▸ **WORK REQUEST**
Copy the data below exactly, omitting any picture it contains.

▸ **EXERCISE INPUT**
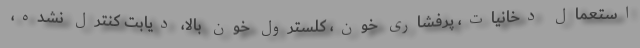
استعمال دخانیات، پُرفشاری خون، کلسترول خون بالا، دیابت کنترل نشده،
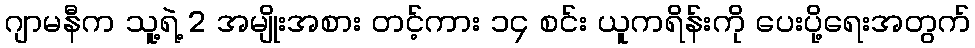
ဂျာမနီက သူ့ရဲ့ 2 အမျိုးအစား တင့်ကား ၁၄ စင်း ယူကရိန်းကို ပေးပို့ရေးအတွက်
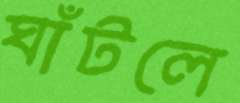
ঘাঁটলে
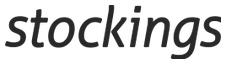
stockings
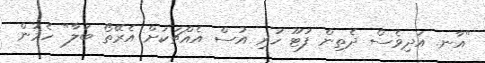
"އާނ. އަދިވެސް ދެތިން ފުޓޫ ހުރި އުސް އެއްޗަކަށް އެރޭތޯ ބަލާ" ހެމުން
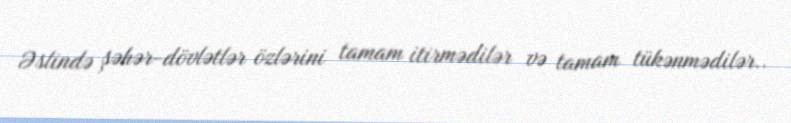
Əslində şəhər-dövlətlər özlərini tamam itirmədilər və tamam tükənmədilər..
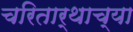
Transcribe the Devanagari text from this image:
चरितार्थाच्या
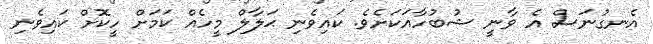
އެނގުނަސް އެ ވާނީ ޝުބުހާއަކަށެވެ. ކައިވެނި ޙަލާލް މީހެއް ކަމަށް ހީކޮށް ކައިވެނި
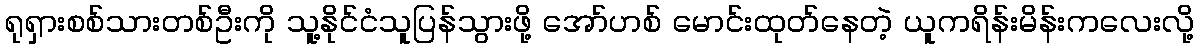
ရုရှားစစ်သားတစ်ဦးကို သူ့နိုင်ငံသူပြန်သွားဖို့ အော်ဟစ် မောင်းထုတ်နေတဲ့ ယူကရိန်းမိန်းကလေးလို့
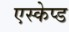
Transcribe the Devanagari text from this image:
एस्केप्ड
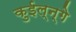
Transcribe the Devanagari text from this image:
कुईल्न्गे
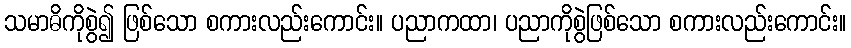
သမာဓိကိုစွဲ၍ ဖြစ်သော စကားလည်းကောင်း။ ပညာကထာ၊ ပညာကိုစွဲဖြစ်သော စကားလည်းကောင်း။
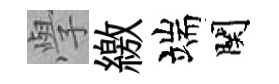
𭓕繳端関
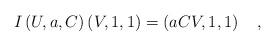
LaTeX: \begin{align*}I\left( U,a,C\right) \left( V,1,1\right) =\left(aCV,1,1\right) \quad ,\end{align*}
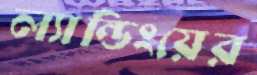
ল্যান্ডিংয়ের
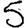
Digit: 5

▸ **ANSWER BELOW**
استعمال دخانیات، پُرفشاری خون، کلسترول خون بالا، دیابت کنترل نشده،
ဂျာမနီက သူ့ရဲ့ 2 အမျိုးအစား တင့်ကား ၁၄ စင်း ယူကရိန်းကို ပေးပို့ရေးအတွက်
ঘাঁটলে
stockings
"އާނ. އަދިވެސް ދެތިން ފުޓޫ ހުރި އުސް އެއްޗަކަށް އެރޭތޯ ބަލާ" ހެމުން
Əslində şəhər-dövlətlər özlərini tamam itirmədilər və tamam tükənmədilər..
Transcribe the Devanagari text from this image:
चरितार्थाच्या
އެނގުނަސް އެ ވާނީ ޝުބުހާއަކަށެވެ. ކައިވެނި ޙަލާލް މީހެއް ކަމަށް ހީކޮށް ކައިވެނި
ရုရှားစစ်သားတစ်ဦးကို သူ့နိုင်ငံသူပြန်သွားဖို့ အော်ဟစ် မောင်းထုတ်နေတဲ့ ယူကရိန်းမိန်းကလေးလို့
Transcribe the Devanagari text from this image:
एस्केप्ड
Transcribe the Devanagari text from this image:
कुईल्न्गे
သမာဓိကိုစွဲ၍ ဖြစ်သော စကားလည်းကောင်း။ ပညာကထာ၊ ပညာကိုစွဲဖြစ်သော စကားလည်းကောင်း။
𭓕繳端関
LaTeX: \begin{align*}I\left( U,a,C\right) \left( V,1,1\right) =\left(aCV,1,1\right) \quad ,\end{align*}
ল্যান্ডিংয়ের
Digit: 5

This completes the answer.